2 - M.Sc., University of Payam-noor, Tehran, Iran.
3 - M.Sc., Department of Biology, Faculty of Sciences, Shahid Bahonar University of Kerman, Kerman, Iran.
4 - Assistant Professors, Department of Biology, Faculty of Sciences, Shahid Bahonar University of Kerman, Kerman, Iran.

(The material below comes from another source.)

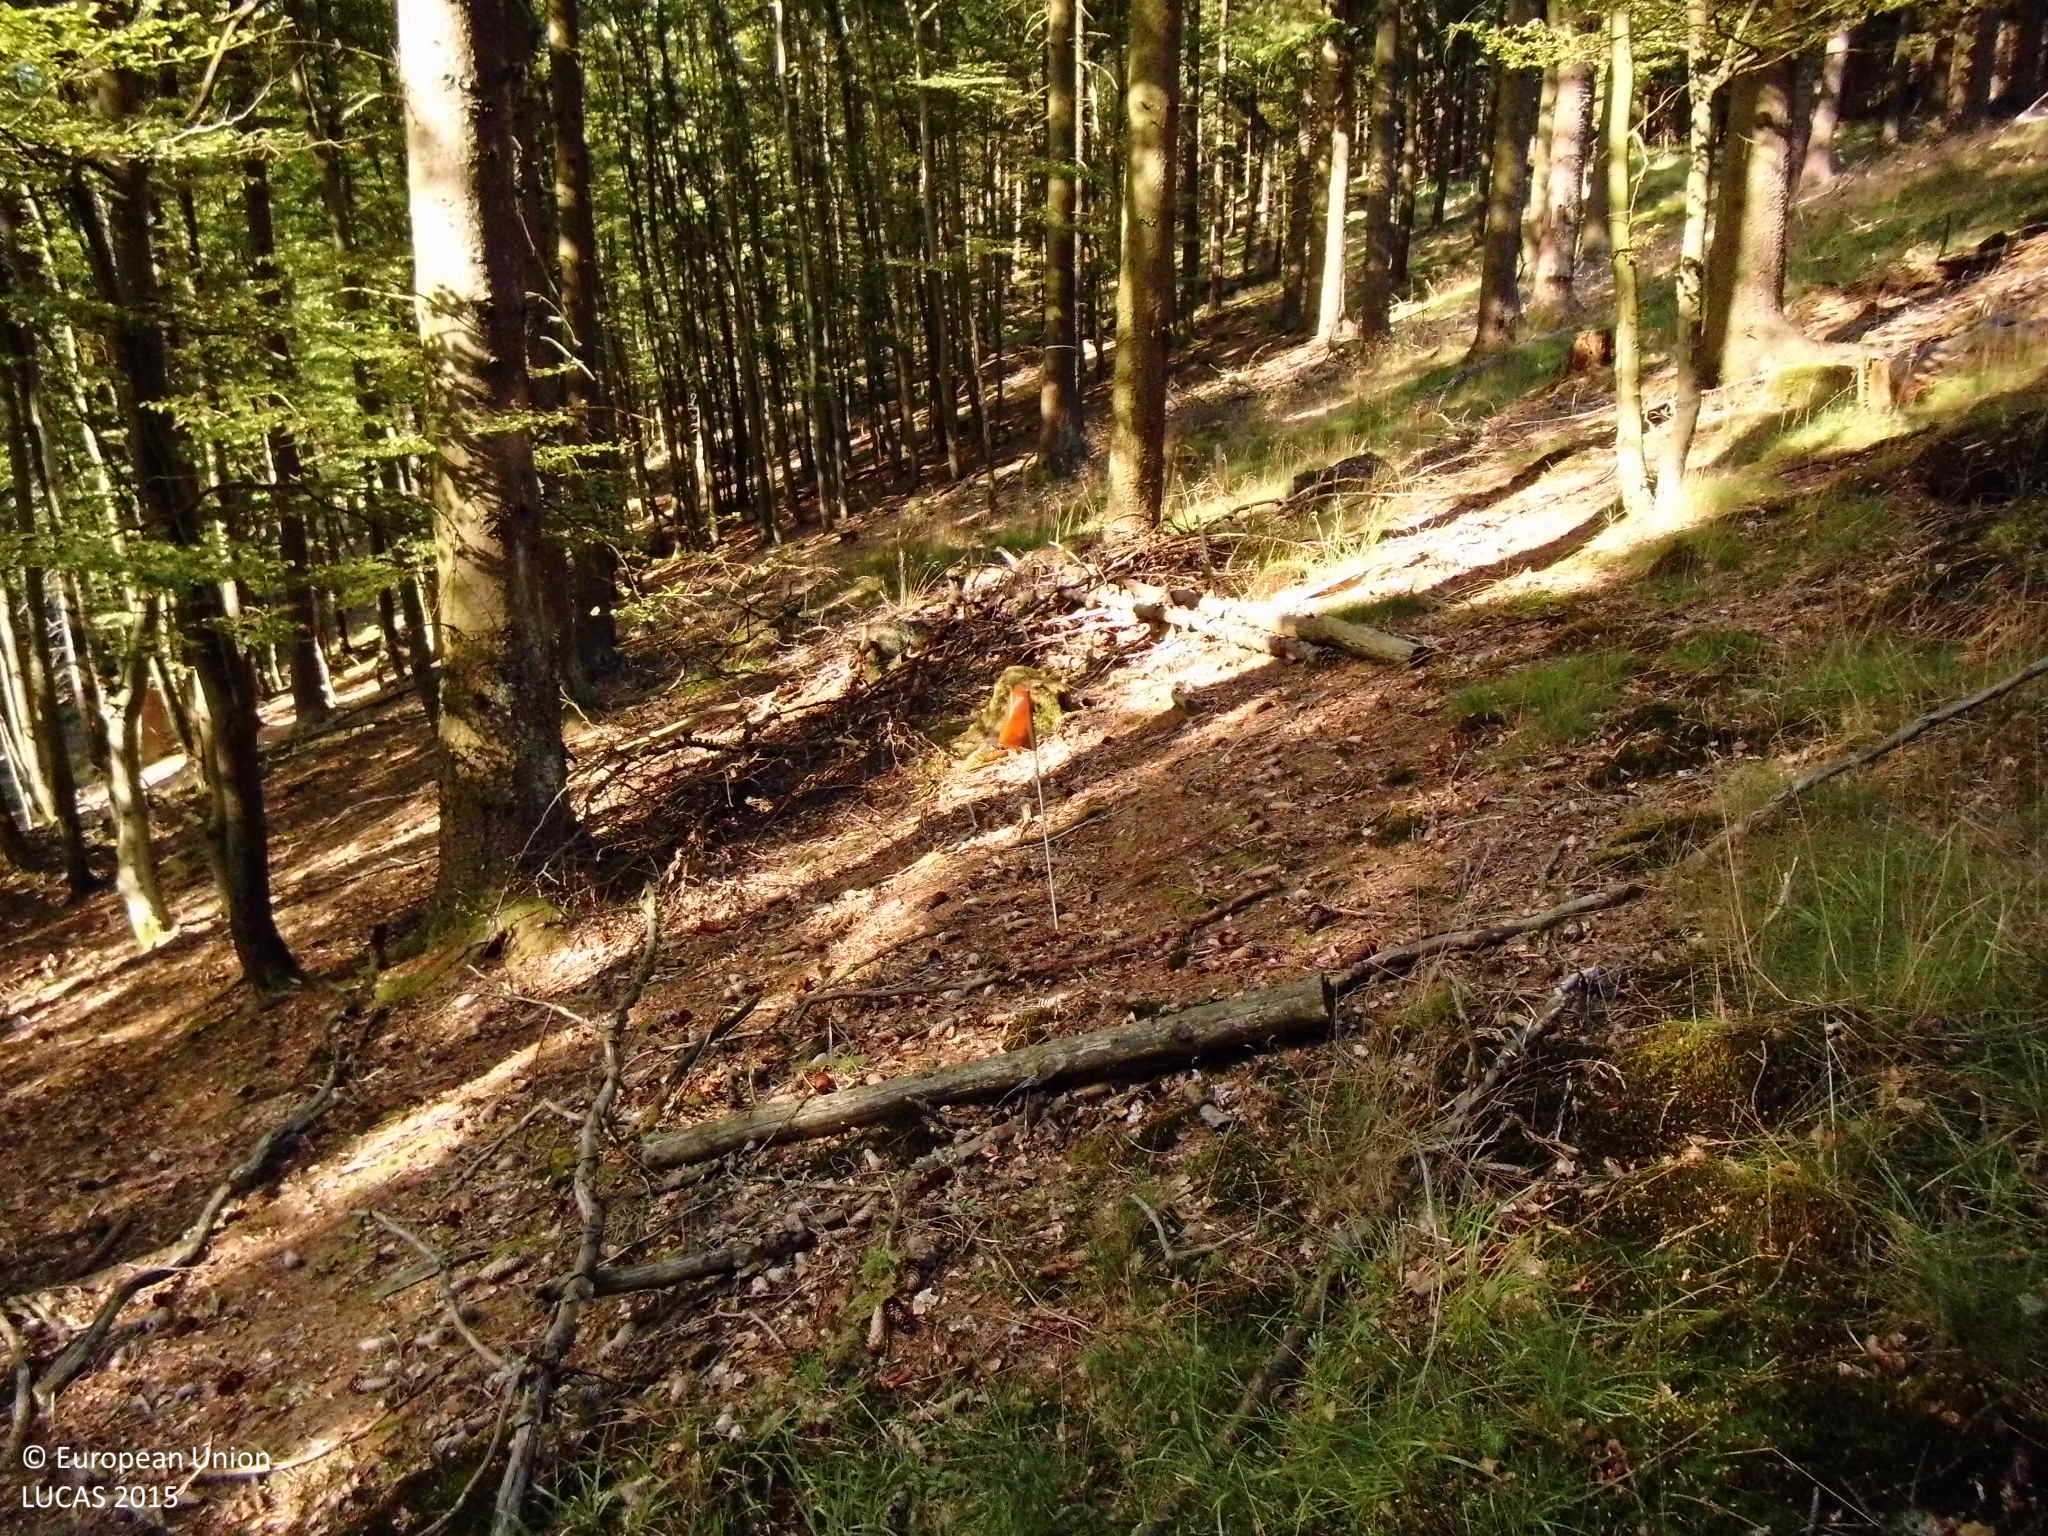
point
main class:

5 - Lecturer, University of Payam-noor, Jiroft, Kerman, Iran.
Keywords: Screening, Alkaline protease, Wastes, Bacillus tequilensis,
Abstract :
Background & Objectives: Proteases are the most applied industrial enzymes usable in several biotechnological industries. These enzymes include approximately 60% of enzyme marketing worldwide. Alkaline proteases are the most important enzymes which are stable in the presence of alkaline pH, surfactant and oxidizing agents. This study was aimed to isolate and identify the protease producing bacteria from slaughterhouse wastes in Jiroft. Materials & Methods: This cross - sectional study was performed on Jiroft’s slaughterhouse wastes. The protease producing strain was screened on the skim milk agar media. The 16S rRNA genes of the samples were obtained using PCR and sequencing. The protease enzyme was partially purified by ammonium sulphate precipitation, dialysis and ion exchange chromatography. Thereafter, The biochemical features of the enzymes were analysed. Results: The gene sequencing study showed that the isolated strain were 100 % similar to Bacillus tequilensis species. The purified protease showed maximum activity and stability in pH 9 and 40°C. Km and Vmax values were obtained based on Linewewr berg equation 6.77 mg/ml and 64.94 U/ml/min, respectively. Protease stability was improved about 1.8 and 2.4 folds in the presence of cyclohexane and DMSO, respectively. Conclusion: The activity and stability of this enzyme in alkaline pH and in the presence of organic solvents indicates its potential to be used in industries.